Publié le 11/04/2012 • Par Aude Raux • dans : Dossiers d'actualité

« Le PIB ne fait pas le bonheur » : si cet indicateur économique est pertinent pour mesurer l'accroissement de la production d'un pays, il est de plus en plus contesté pour juger de l'état de bien être d'une population. Le cap de nos sociétés est ainsi fixé en fonction d'une boussole figée sur « l'avoir ». Pour tenir compte de « l'être », de nouveaux indicateurs sont développés à l'échelle globale, et même locale.

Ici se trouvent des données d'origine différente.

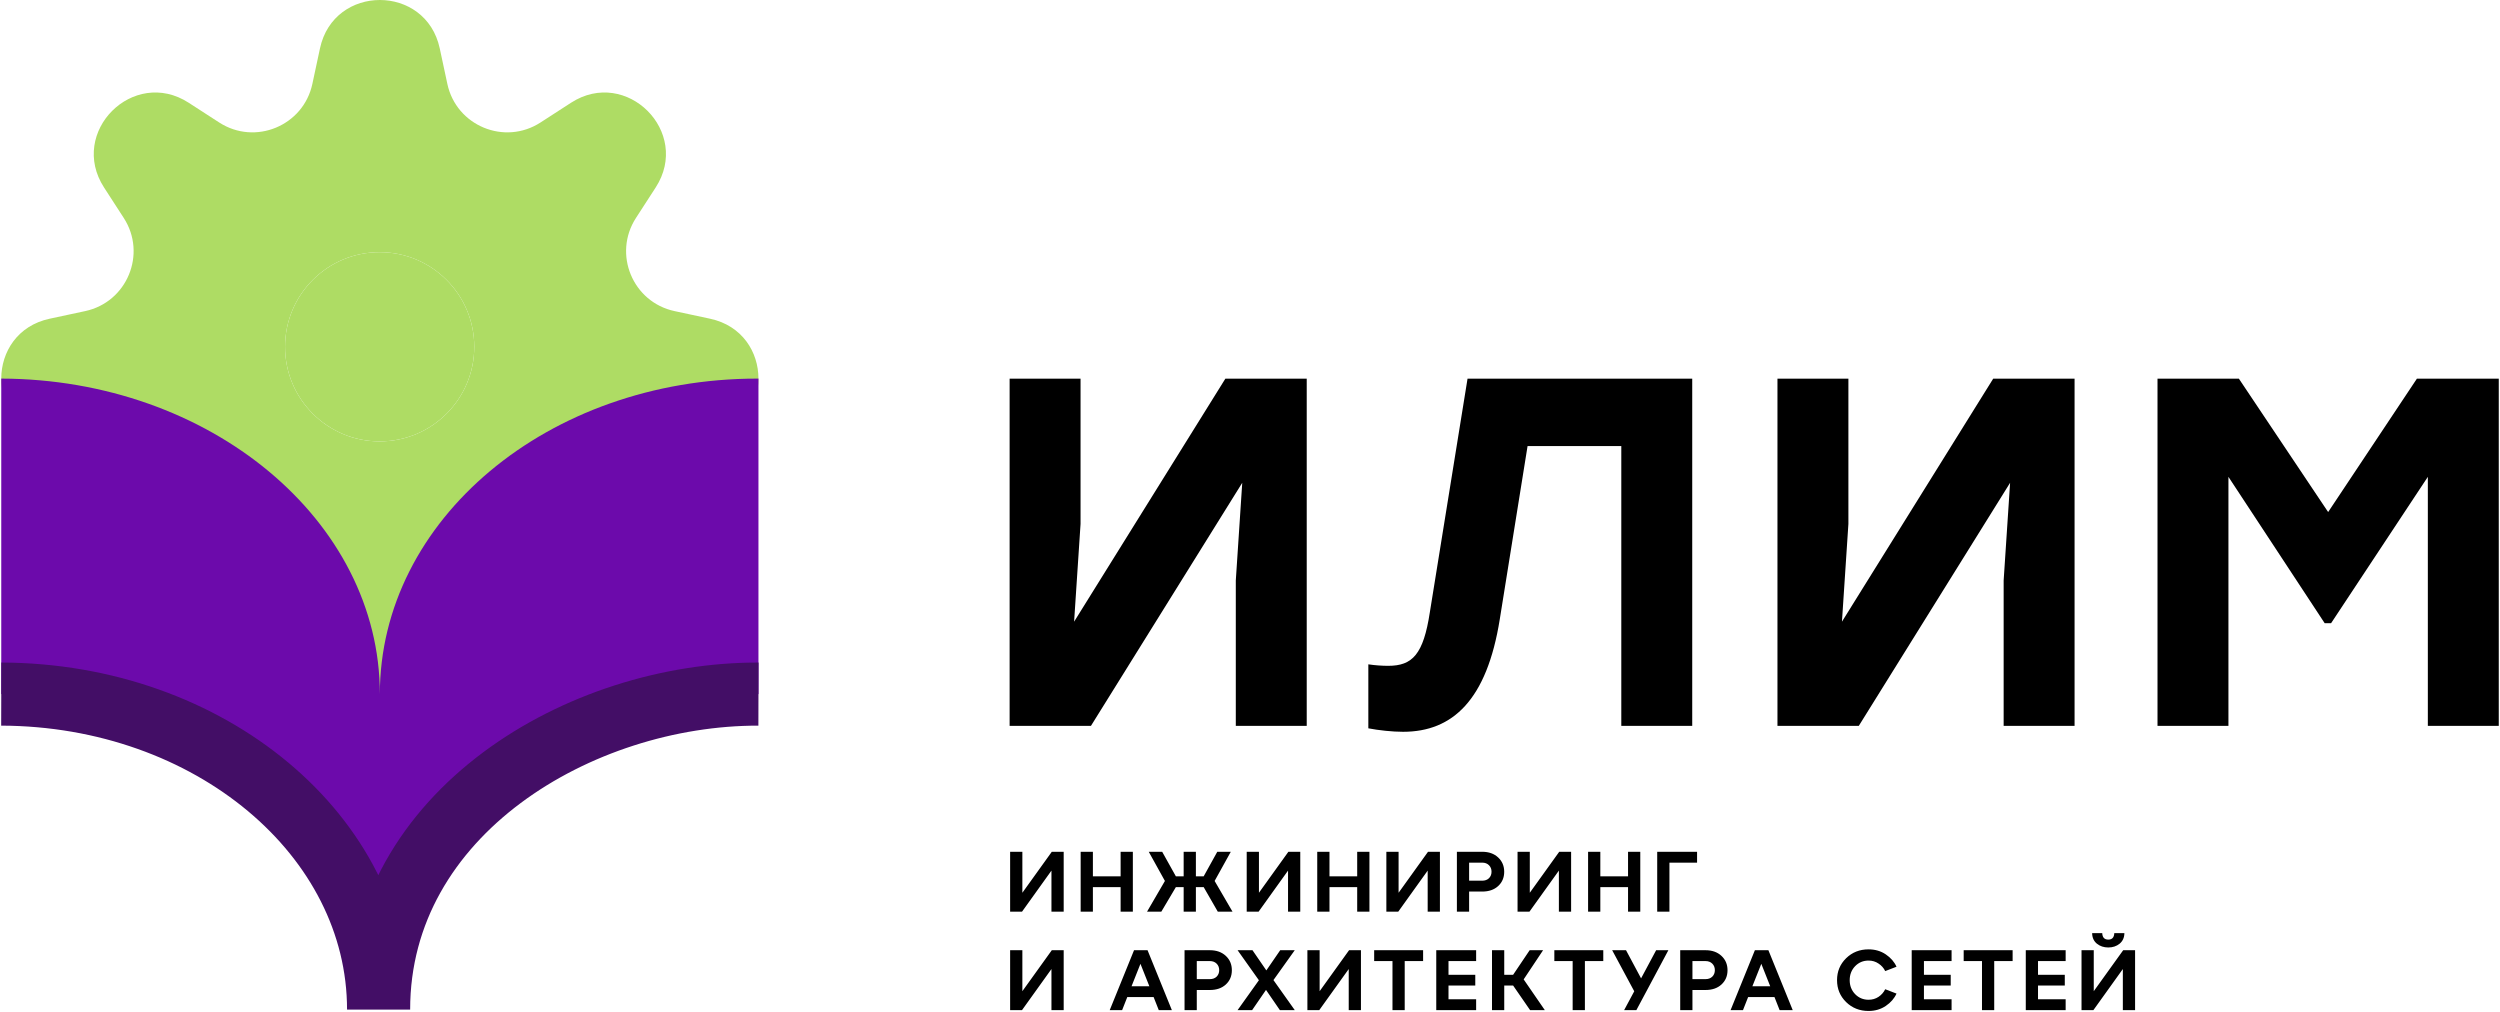 <?xml version="1.0" encoding="UTF-8"?> <svg xmlns="http://www.w3.org/2000/svg" width="1981" height="802" viewBox="0 0 1981 802" fill="none"> <path fill-rule="evenodd" clip-rule="evenodd" d="M348.457 38.367C337.497 -12.789 264.503 -12.789 253.543 38.367L247.519 66.481C240.4 99.707 202.222 115.521 173.694 97.061L149.555 81.44C105.632 53.017 54.017 104.632 82.44 148.555L98.061 172.694C116.521 201.222 100.707 239.4 67.481 246.519L39.367 252.543C-11.789 263.503 -11.789 336.497 39.367 347.457L67.481 353.481C100.707 360.6 116.521 398.778 98.061 427.306L82.44 451.445C54.017 495.368 105.632 546.982 149.555 518.56L173.694 502.939C202.222 484.479 240.4 500.293 247.519 533.519L253.543 561.633C264.503 612.789 337.497 612.789 348.457 561.633L354.481 533.519C361.6 500.293 399.778 484.479 428.306 502.939L452.445 518.56C496.368 546.983 547.982 495.368 519.56 451.445L503.939 427.306C485.479 398.778 501.293 360.599 534.519 353.481L562.633 347.457C613.789 336.497 613.789 263.503 562.633 252.543L534.519 246.519C501.293 239.4 485.479 201.222 503.939 172.694L519.56 148.555C547.982 104.632 496.368 53.017 452.445 81.44L428.306 97.061C399.778 115.521 361.599 99.707 354.481 66.481L348.457 38.367ZM300.848 199.831C259.445 199.831 225.881 233.395 225.881 274.798C225.881 316.201 259.445 349.765 300.848 349.765C342.251 349.765 375.815 316.201 375.815 274.798C375.815 233.395 342.251 199.831 300.848 199.831Z" fill="#AEDC64"></path> <path d="M225.881 274.798C225.881 233.395 259.445 199.831 300.848 199.831C342.251 199.831 375.815 233.395 375.815 274.798C375.815 316.201 342.251 349.765 300.848 349.765C259.445 349.765 225.881 316.201 225.881 274.798Z" fill="#AEDC64"></path> <path d="M601 300.001C600.667 300 600.333 300 600 300C434.315 300 301 411.929 301 550C301 412.207 166.226 300.451 1 300.001V550.001C166.226 550.451 300 662.207 300 800C300 643.821 459.995 549.693 601 550.001V300.001Z" fill="#6C0AAB"></path> <path d="M1 550.001C166.226 550.45 300 662.206 300 799.999C300 643.82 459.995 549.692 601 550.001" stroke="#430E66" stroke-width="50"></path> <path d="M970.994 300.031L851.118 492.619L856.227 415.19V300.031H800.023V575.156H864.481L984.357 382.568L979.247 459.997V575.156H1035.45V300.031H970.994ZM1162.88 300.031L1133.01 485.151C1127.9 518.559 1119.25 527.599 1099.99 527.599C1095.28 527.599 1089.38 527.206 1084.27 526.42V577.121C1092.52 578.694 1103.14 579.873 1111.78 579.873C1151.09 579.873 1178.21 554.718 1188.43 490.653L1210.44 353.484H1284.72V575.156H1340.92V300.031H1162.88ZM1579.43 300.031L1459.56 492.619L1464.67 415.19V300.031H1408.46V575.156H1472.92L1592.8 382.568L1587.69 459.997V575.156H1643.89V300.031H1579.43ZM1915.17 300.031L1844.82 405.757L1774.07 300.031H1709.61V575.156H1765.81V377.852L1842.06 493.798H1847.17L1923.82 377.852V575.156H1980.02V300.031H1915.17Z" fill="black"></path> <path d="M810.122 707.423L833.444 674.949H842.867V722.406H833.172V689.864L809.85 722.406H800.427V674.949H810.122V707.423ZM866.011 722.406H856.316V674.949H866.011V694.406H887.977V674.949H897.672V722.406H887.977V702.949H866.011V722.406ZM975.284 674.949L962.471 698.067L976.64 722.406H964.979L953.793 702.949H947.623V722.406H937.928V702.949H931.759L920.233 722.406H908.911L923.081 698.067L910.267 674.949H920.911L931.759 694.406H937.928V674.949H947.623V694.406H953.793L964.572 674.949H975.284ZM997.587 707.423L1020.91 674.949H1030.33V722.406H1020.64V689.864L997.316 722.406H987.892V674.949H997.587V707.423ZM1053.48 722.406H1043.78V674.949H1053.48V694.406H1075.44V674.949H1085.14V722.406H1075.44V702.949H1053.48V722.406ZM1108.24 707.423L1131.56 674.949H1140.99V722.406H1131.29V689.864L1107.97 722.406H1098.55V674.949H1108.24V707.423ZM1164.13 722.406H1154.44V674.949H1174.5C1179.7 674.949 1183.91 676.44 1187.11 679.423C1190.32 682.406 1191.93 686.203 1191.93 690.813C1191.93 695.423 1190.32 699.197 1187.11 702.135C1183.95 705.028 1179.75 706.474 1174.5 706.474H1164.13V722.406ZM1164.13 683.559V697.864H1174.5C1176.72 697.864 1178.5 697.209 1179.86 695.898C1181.22 694.542 1181.89 692.824 1181.89 690.745C1181.89 688.666 1181.22 686.949 1179.86 685.593C1178.5 684.237 1176.72 683.559 1174.5 683.559H1164.13ZM1212.21 707.423L1235.53 674.949H1244.95V722.406H1235.26V689.864L1211.94 722.406H1202.51V674.949H1212.21V707.423ZM1268.1 722.406H1258.4V674.949H1268.1V694.406H1290.06V674.949H1299.76V722.406H1290.06V702.949H1268.1V722.406ZM1322.86 722.406H1313.17V674.949H1344.76V683.559H1322.86V722.406ZM810.122 785.423L833.444 752.949H842.867V800.406H833.172V767.864L809.85 800.406H800.427V752.949H810.122V785.423ZM928.574 800.406H918.202L914.134 790.101H893.252L889.185 800.406H879.354L898.608 752.949H909.32L928.574 800.406ZM903.693 763.728L896.642 781.491H910.744L903.693 763.728ZM948.329 800.406H938.634V752.949H958.702C963.899 752.949 968.103 754.44 971.312 757.423C974.521 760.406 976.125 764.203 976.125 768.813C976.125 773.423 974.521 777.197 971.312 780.135C968.148 783.028 963.944 784.474 958.702 784.474H948.329V800.406ZM948.329 761.559V775.864H958.702C960.916 775.864 962.702 775.209 964.057 773.898C965.413 772.542 966.091 770.824 966.091 768.745C966.091 766.666 965.413 764.949 964.057 763.593C962.702 762.237 960.916 761.559 958.702 761.559H948.329ZM1014.44 752.949H1025.96L1009.08 776.61L1025.96 800.406H1014.16L1003.18 784.406L992.198 800.406H980.673L997.554 776.745L980.673 752.949H992.47L1003.45 768.949L1014.44 752.949ZM1045.68 785.423L1069 752.949H1078.42V800.406H1068.73V767.864L1045.4 800.406H1035.98V752.949H1045.68V785.423ZM1113.09 800.406H1103.4V761.559H1088.89V752.949H1127.67V761.559H1113.09V800.406ZM1169.69 800.406H1138.09V752.949H1169.69V761.559H1147.79V772.406H1169.01V780.949H1147.79V791.796H1169.69V800.406ZM1222.74 752.949L1207.35 776.067L1224.1 800.406H1212.43L1199.01 780.949H1191.96V800.406H1182.26V752.949H1191.96V772.406H1199.01L1212.1 752.949H1222.74ZM1255.87 800.406H1246.17V761.559H1231.66V752.949H1270.44V761.559H1255.87V800.406ZM1300.39 775.254L1312.33 752.949H1322.02L1296.67 800.406H1286.97L1294.97 785.491L1277.48 752.949H1288.46L1300.39 775.254ZM1341.09 800.406H1331.4V752.949H1351.46C1356.66 752.949 1360.86 754.44 1364.07 757.423C1367.28 760.406 1368.89 764.203 1368.89 768.813C1368.89 773.423 1367.28 777.197 1364.07 780.135C1360.91 783.028 1356.71 784.474 1351.46 784.474H1341.09V800.406ZM1341.09 761.559V775.864H1351.46C1353.68 775.864 1355.46 775.209 1356.82 773.898C1358.18 772.542 1358.85 770.824 1358.85 768.745C1358.85 766.666 1358.18 764.949 1356.82 763.593C1355.46 762.237 1353.68 761.559 1351.46 761.559H1341.09ZM1420.54 800.406H1410.16L1406.1 790.101H1385.21L1381.15 800.406H1371.32L1390.57 752.949H1401.28L1420.54 800.406ZM1395.66 763.728L1388.6 781.491H1402.71L1395.66 763.728ZM1462.85 794.033C1458.06 789.333 1455.67 783.547 1455.67 776.677C1455.67 769.807 1458.06 764.022 1462.85 759.322C1467.65 754.621 1473.57 752.271 1480.62 752.271C1485.81 752.271 1490.38 753.604 1494.31 756.271C1498.24 758.937 1501.07 762.192 1502.79 766.033L1493.84 769.491C1492.66 767.05 1490.9 765.062 1488.55 763.525C1486.24 761.943 1483.6 761.152 1480.62 761.152C1476.41 761.152 1472.87 762.644 1469.97 765.627C1467.13 768.61 1465.7 772.293 1465.7 776.677C1465.7 781.062 1467.13 784.745 1469.97 787.728C1472.87 790.711 1476.41 792.203 1480.62 792.203C1483.6 792.203 1486.24 791.434 1488.55 789.898C1490.9 788.316 1492.66 786.305 1493.84 783.864L1502.79 787.322C1501.07 791.163 1498.24 794.418 1494.31 797.084C1490.38 799.751 1485.81 801.084 1480.62 801.084C1473.57 801.084 1467.65 798.734 1462.85 794.033ZM1546.43 800.406H1514.83V752.949H1546.43V761.559H1524.53V772.406H1545.75V780.949H1524.53V791.796H1546.43V800.406ZM1580.22 800.406H1570.53V761.559H1556.02V752.949H1594.8V761.559H1580.22V800.406ZM1636.82 800.406H1605.23V752.949H1636.82V761.559H1614.92V772.406H1636.14V780.949H1614.92V791.796H1636.82V800.406ZM1679.57 747.796C1677.13 749.785 1674.14 750.779 1670.62 750.779C1667.09 750.779 1664.09 749.785 1661.6 747.796C1659.12 745.762 1657.85 742.96 1657.81 739.389H1665.81C1665.94 742.824 1667.55 744.542 1670.62 744.542C1673.65 744.542 1675.23 742.824 1675.37 739.389H1683.37C1683.32 742.96 1682.05 745.762 1679.57 747.796ZM1659.09 785.423L1682.42 752.949H1691.84V800.406H1682.14V767.864L1658.82 800.406H1649.4V752.949H1659.09V785.423Z" fill="black"></path> </svg>

Fini la quête de « l’augmentation du PIB coûte que coûte » ! Depuis le 18ème siècle, comme l’a démontré le sociologue et économiste allemand, Max Weber, nos sociétés sont structurées par l’impératif et la dynamique de la croissance. Mais la multiplicité des crises, non anticipées, ou qui n’ont pu être jugulées à temps, conduit à penser qu’il serait temps de changer de baromètre.

La plus célèbre alternative au PIB est l’Indicateur de développement humain (IDH) conçu en 1990, par le Programme des Nations unies pour le développement (Pnud).
Plus proche de nous : la mise en place, à l’initiative du président de la République Nicolas Sarkozy, de la Commission sur la mesure des performances économiques et du progrès social, plus connue sous le nom de Commission Stiglitz, chargée, en 2008 d’ « engager une réflexion sur les moyens d’échapper à une approche trop quantitative, trop comptable de la mesure de nos performances collectives ».

Un thermomètre qui rend malade – Pour Patrick Viveret, philosophe, économiste, ancien conseiller à la Cour des comptes et auteur, notamment, de Reconsidérer la richesse (1), « le PIB est un thermomètre qui rend malade ».
Pour preuve : « les marées noires ou les accidents de la route sont comptabilisées positivement comme des flux monétaires alors, qu’inversement, quantité de richesses ne sont pas considérées comme telles, bien qu’elles soient vitales : le temps passé avec les proches, le temps des activités citoyennes et démocratiques, le temps domestique ». Or, dans notre société, ce qui n’est pas compté finit souvent par ne plus compter…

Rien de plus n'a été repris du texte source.